Fields and applications of transporter studies

The results revealed that transporters are studied primarily for drug development of human and veterinary medicine (63%, N = 46), followed by risk assessment purposes on food and feed contaminants (such as pesticides) (32%, N = 23), industrial chemicals (28%, N = 20), cosmetics (21%, N = 15) and nanomaterials (10%, N = 7) (Fig. 3A). Comment from a respondent working in a CRL specialised in offering products and services to study transporters confirmed this dynamic: “Major clients are from the pharma but requests come also from food and chemical industry”. Furthermore, 10 participants declared studying transporters in environmental species such as aquatic organisms or bees (Fig. 3A). Overall, the participants declared interest in internal exposure assessment (29%, N = 21), effects of combined exposures (mixtures) (22%, N = 16) or endocrine disruptors (20%, N = 14). When studying environmental species, most respondents declared investigating the impact of mixtures of pollutants on transporters (N = 7 out of 10). Finally, 40% of the total respondents declared studying transporters specifically for fundamental science purposes (N = 30) to improve the pharmacology and toxicology fields as well as to establish basic knowledge on transporter biology and on transporter-related diseases. These results allowed, (i) to compare the use of transporter data for drug development versus for chemical risk assessment purposes; (ii) to capture the specific methodologies currently used to study transporters in fundamental research.

Fig. 3

Fields of transporter studies as number of replies, showing overlap of the answers as respondents could select more than one answer (A). The different fields of study encompassed in “Others” are detailed on the right side. Applications of transporter studies as percentage of total replies (B) and specific toxicity-related applications as number of replies (C).
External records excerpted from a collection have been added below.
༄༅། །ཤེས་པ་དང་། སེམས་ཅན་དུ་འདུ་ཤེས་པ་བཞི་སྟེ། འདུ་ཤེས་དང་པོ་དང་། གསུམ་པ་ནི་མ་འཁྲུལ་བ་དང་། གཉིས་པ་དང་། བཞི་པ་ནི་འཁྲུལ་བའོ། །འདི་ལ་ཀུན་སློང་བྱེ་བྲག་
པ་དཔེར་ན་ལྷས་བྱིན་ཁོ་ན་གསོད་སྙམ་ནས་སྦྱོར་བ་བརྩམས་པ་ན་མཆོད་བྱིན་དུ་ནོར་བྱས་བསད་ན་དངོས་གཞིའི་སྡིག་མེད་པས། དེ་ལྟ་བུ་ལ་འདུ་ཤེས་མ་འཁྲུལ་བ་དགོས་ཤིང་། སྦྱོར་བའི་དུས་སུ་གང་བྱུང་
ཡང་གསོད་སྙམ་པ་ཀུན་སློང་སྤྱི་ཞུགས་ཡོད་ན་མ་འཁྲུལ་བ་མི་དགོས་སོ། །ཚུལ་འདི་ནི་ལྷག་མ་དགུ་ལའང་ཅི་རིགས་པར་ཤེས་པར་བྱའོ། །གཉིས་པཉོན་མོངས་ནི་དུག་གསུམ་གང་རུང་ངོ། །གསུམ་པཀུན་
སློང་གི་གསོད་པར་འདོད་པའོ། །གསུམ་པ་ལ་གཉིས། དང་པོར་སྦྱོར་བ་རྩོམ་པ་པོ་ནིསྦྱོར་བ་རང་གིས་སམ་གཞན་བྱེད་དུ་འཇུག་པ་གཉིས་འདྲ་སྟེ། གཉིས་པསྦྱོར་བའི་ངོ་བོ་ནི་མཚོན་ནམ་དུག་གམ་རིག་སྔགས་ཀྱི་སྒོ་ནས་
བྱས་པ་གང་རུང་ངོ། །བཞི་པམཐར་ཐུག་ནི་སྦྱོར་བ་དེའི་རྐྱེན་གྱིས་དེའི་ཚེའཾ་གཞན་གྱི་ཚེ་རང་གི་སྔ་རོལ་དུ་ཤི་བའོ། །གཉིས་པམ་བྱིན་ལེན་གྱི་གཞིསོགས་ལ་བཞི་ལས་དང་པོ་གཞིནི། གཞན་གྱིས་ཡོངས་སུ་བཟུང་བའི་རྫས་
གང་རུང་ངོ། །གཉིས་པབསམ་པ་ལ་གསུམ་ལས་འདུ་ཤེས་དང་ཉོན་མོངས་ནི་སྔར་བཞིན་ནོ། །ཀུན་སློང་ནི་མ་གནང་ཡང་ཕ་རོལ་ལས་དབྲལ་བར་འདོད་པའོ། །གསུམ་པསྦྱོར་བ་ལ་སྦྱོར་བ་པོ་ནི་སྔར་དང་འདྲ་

Drug: Drug development, IVIVE: in vitro to in vivo extrapolation.

When questioned about the applications of transporter studies, except for four academics interested in disease development and treatment only, all participants studied transporters for toxicity predictions of which 48% studied for risk assessment purposes (N = 36) and 40% for screening and prioritising (N = 29). Furthermore, 37% studied transporters also for efficacy prediction (N = 27) and around 10% following customer requirements (N = 7) (Fig. 3B). When asked to specify the precise applications within toxicity/risk evaluations, participants mentioned studying transporters mainly to support in vitro to in vivo extrapolation (IVIVE) (70%, N = 51), to characterize and support design of in vitro assays (53%, N = 39), to evaluate species differences (49%, N = 36), to consider sensitive population (polymorphism, age, sex, diet, diseases) (37%, N = 27), to fill data gaps (26%, N = 19) and to support substances grouping and read across (16%, N = 12) (Fig. 3C). Some respondents also mentioned investigating transporters for submission of regulatory dossiers or opinions (N = 16 and 7, respectively).
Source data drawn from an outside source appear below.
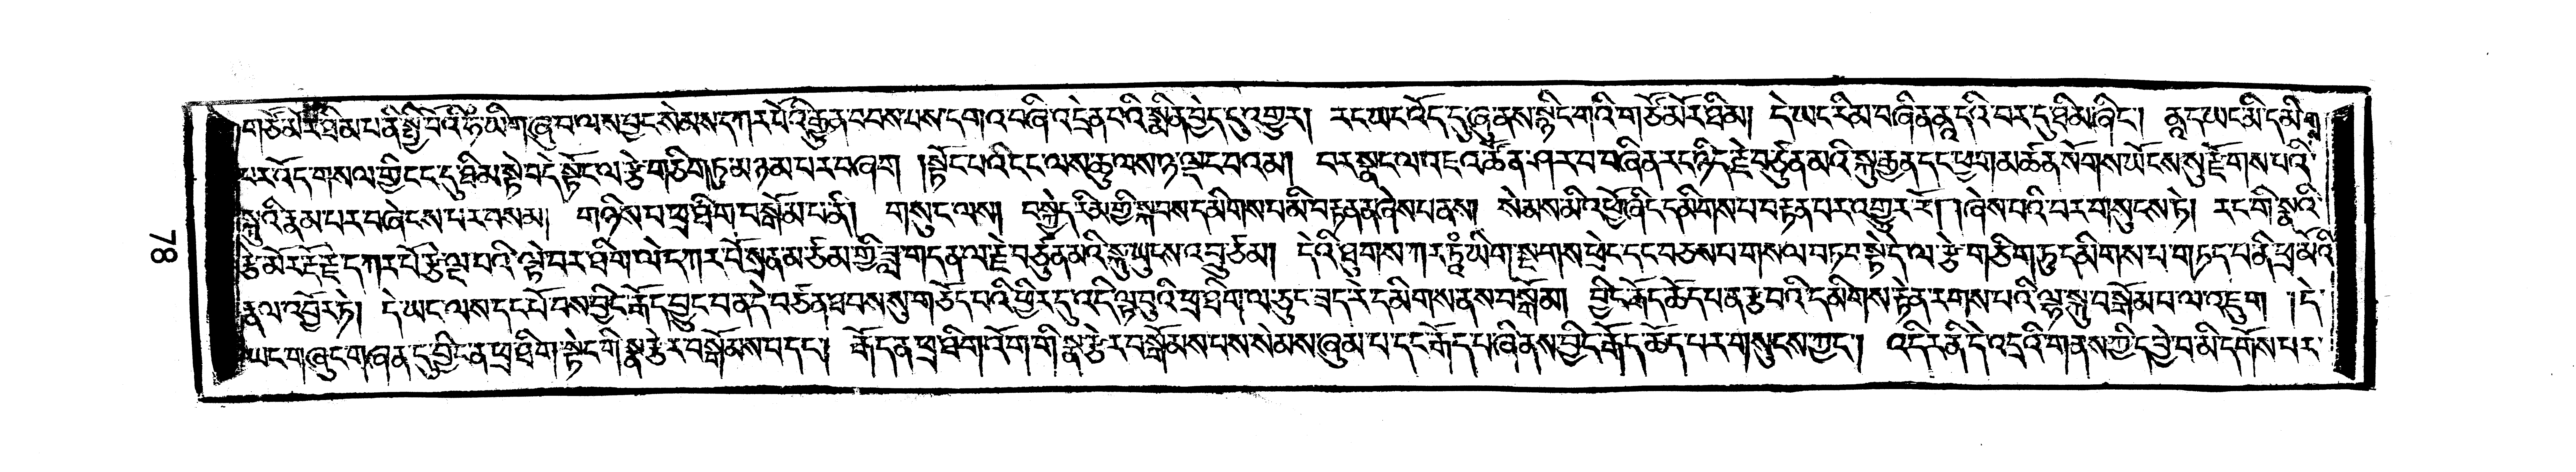གཙོ་མོར་ཐིམ་པ་ནི་སྤྱི་བོའི་ཧཾ་ཡིག་ཞུ་བ་ལས་བྱང་སེམས་དཀར་པོའི་རྒྱུན་བབས་བས་དགའ་བཞི་འདྲེན་པའི་སྨིན་བྱེད་དུ་འགྱུར། རང་ཡང་འོད་དུ་ཞུ་ནས་སྙིང་གའི་གཙོ་མོར་ཐིམ། དེ་ཡང་རིམ་བཞིན་ནཱ་དའི་བར་དུ་ཐིམ་ཞིང་། ནཱ་ད་ཡང་མི་དམིགས་
བར་འོད་གསལ་གྱི་ངང་དུ་ཐིམ་སྟེ་བདེ་སྟོང་ལ་རྩེ་གཅིག་ཏུ་མཉམ་པར་བཞག །སྟོང་པའི་ངང་ལས་ཆུ་ལས་ཉ་ལྡང་བའམ། བར་སྣང་ལ་འཇའ་ཚོན་ཤར་བ་བཞིན་རང་ཉིད་རྗེ་བཙུན་མའི་སྐུ་རྒྱན་དང་ཕྱག་མཚན་སོགས་ཡོངས་སུ་རྫོགས་པའི་
སྐུའི་རྣམ་པར་བཞེངས་པར་བསམ། གཉིས་པ་ཕྲ་ཐིག་བསྒོམ་པ་ནི། གསུང་ལས། བསྐྱེད་རིམ་གྱི་སྐབས་དམིགས་པ་མི་བརྟན་ན་ཞེས་པ་ནས། སེམས་མི་འཕྱོ་ཞིང་དམིགས་པ་བརྟན་པར་འགྱུར་རོ། །ཞེས་པའི་བར་གསུངས་ཏེ། རང་གི་སྣའི་
རྩེ་མོར་རྡོ་རྗེ་དཀར་པོ་རྩེ་ལྔ་པའི་ལྟེ་བར་ཐིག་ལེ་དཀར་པོ་སྲན་མ་ཙམ་གྱི་ཟླ་གདན་ལ་རྗེ་བཙུན་མའི་སྐུ་ཡུངས་འདྲུ་ཙམ། དེའི་ཐུགས་ཀར་ཏཱཾ་ཡིག་སྔགས་ཕྲེང་དང་བཅས་པ་གསལ་བཏབ་སྟེ་དེ་ལ་རྩེ་གཅིག་ཏུ་དམིགས་པ་གཏད་པ་ནི་ཕྲ་མོའི་
རྣལ་འབྱོར་ཏེ། དེ་ཡང་ལས་དང་པོ་བས་བྱིང་རྒོད་བྱུང་བ་ན་དེ་བཙན་ཐབས་སུ་གཅོད་པའི་ཕྱིར་དུ་འདི་ལྟ་བུའི་ཕྲ་ཐིག་ལ་ཅུང་ཟད་རེ་དམིགས་ནས་བསྒོམ། བྱིང་རྒོད་ཆོད་པ་ན་རྩ་བའི་དམིགས་རྟེན་རགས་པའི་ལྷ་སྐུ་བསྒོམ་པ་ལ་འཇུག །དེ་
ཡང་གཞུང་གཞན་དུ་བྱིང་ན་ཕྲ་ཐིག་སྟེང་གི་སྣ་རྩེར་བསྒོམས་པ་དང་། རྒོད་ན་ཕྲ་ཐིག་འོག་གི་སྣ་རྩེར་བསྒོམས་པས་སེམས་ཞུམ་པ་དང་རྒོད་པ་ཞི་ནས་བྱིང་རྒོད་ཆོད་པར་གསུངས་ཀྱང་། འདིར་ནི་དེ་འདྲའི་གནས་ཀྱི་དབྱེ་བ་མི་དགོས་པར་

Mechanisms, physiological barriers and transporters currently studied

Participants were proposed to state whether they conduct studies to identify (i) substrates or (ii) inhibitors of transport proteins, (iii) transporter-mediated interactions or (iv) inducers of transporter expression. Almost all respondents declared investigating substrates (90%, N = 66), followed by inhibitors (75%, N = 55) and transporter-mediated interactions (56%, N = 41). Finally, induction studies were part of the work plan for less than half of the participants (N = 36). Several experts further specified that transporter induction is too poorly studied. Around 40% of participants declared investigating all mechanisms. The mechanisms were investigated in the same proportions whether for drug development or for chemical risk assessment or toxicity prediction purposes (Fig. 4A).

Fig. 4

Transporter mechanisms (A) and physiological barriers (B) currently investigated by survey participants. The bars represent the replies in percentage from respondents working either in the drug development field (Drug, N = 26) or carrying out risk assessment of food and feed contaminants, industrial chemicals, cosmetics, nanomaterials on both humans and environmental species (Chemical, N = 24). In the survey, the respondents could select more than one answer. Replies from respondents declaring working in both drug development and chemical risk assessment were not considered here, nor the replies from participants working in fundamental sciences only.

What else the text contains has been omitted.